Chasity was a star while we poked and prodded to get a sufficient sample to test. Greg and my Ranch Manager, Chad, finally got a large enough sample to be a viable test sample.

In the light, one could see that it was clearly pus and not milk. Greg put the sample in the holding receptacle and took it with him to be tested. He would call with results.

Not all my jennets from past experience were so cooperative and we truly appreciated  Chasity’s quiet demeanor! Greg commented how much better she was looking after only two short weeks!

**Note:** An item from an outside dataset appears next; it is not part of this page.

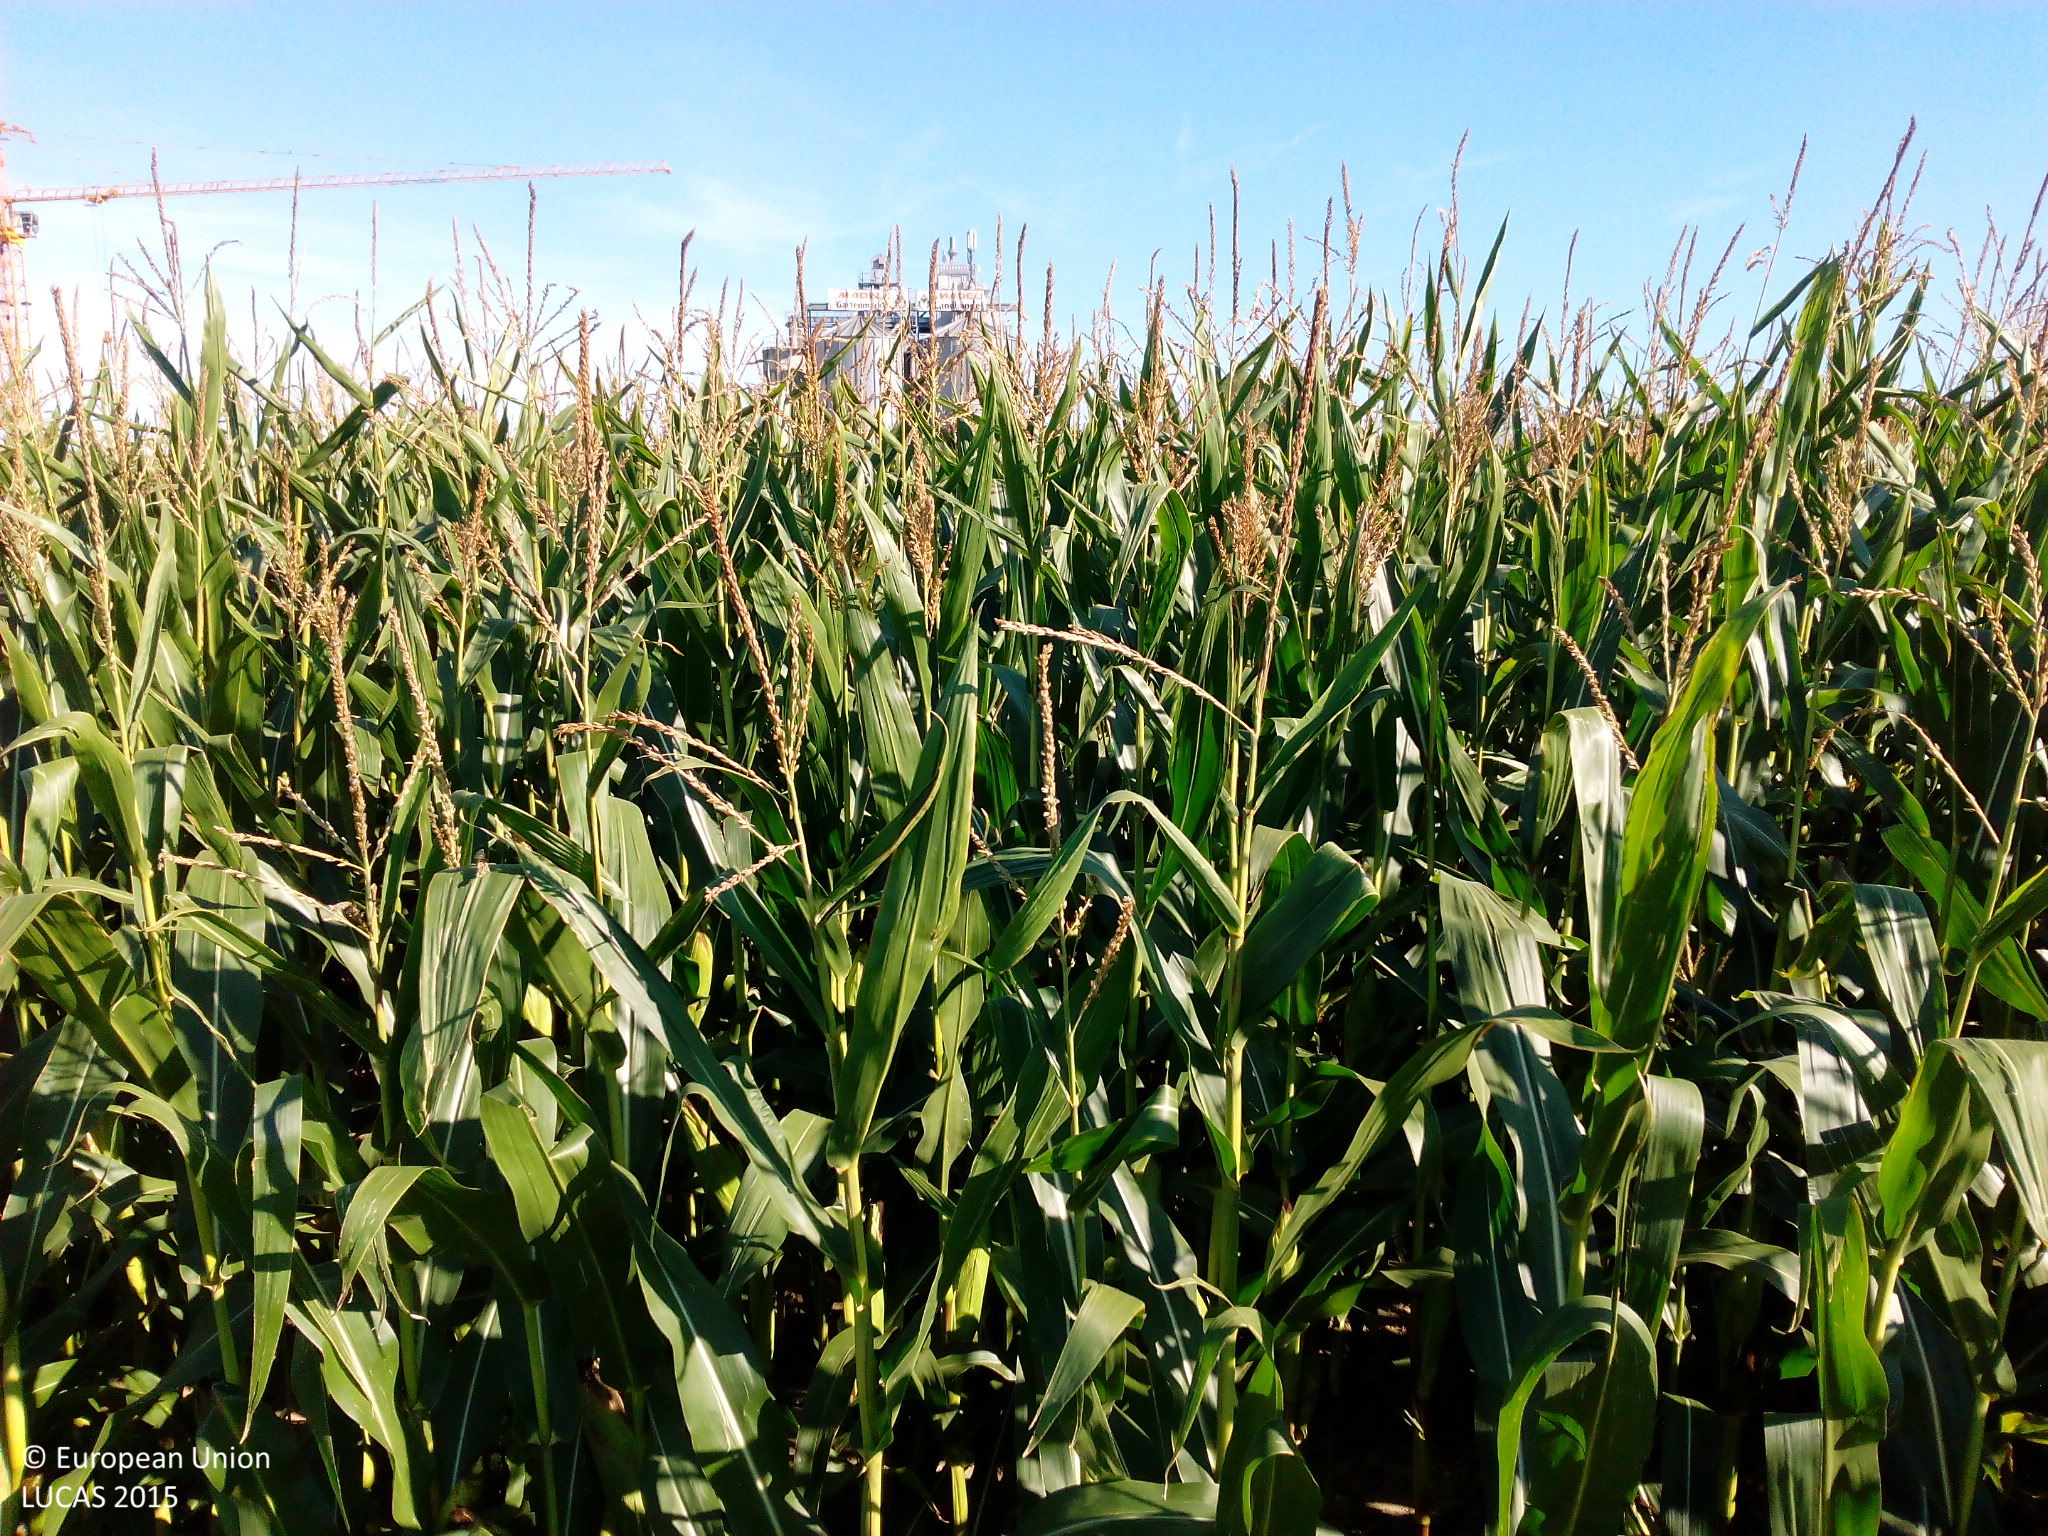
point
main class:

I mentioned to Greg that I had found some spots on her chest that could have been an old bot-hatching ground. I told him that I had scraped off the crusty scabs and applied Neosporin to the affected area. Most of the scabs were gone, but he said that she probably aggravated the area by scratching her chest on the fence. Donkeys will do that! I showed him her diary. He said that doing the core exercises would also help get rid of the infection.

Greg prescribed a regimen of Uniprim for the next 14 days along with daily hot water soaking.

Chasity tolerated the water, but was not thrilled with the water continuously running down her legs.

I decided if it was going to be a prolonged therapy, I would need to modify my future soaking approach to make her more comfortable during the process. This time, despite her displeasure, Chasity had cooperated and was happy to obtain her reward of crimped oats when it was all over!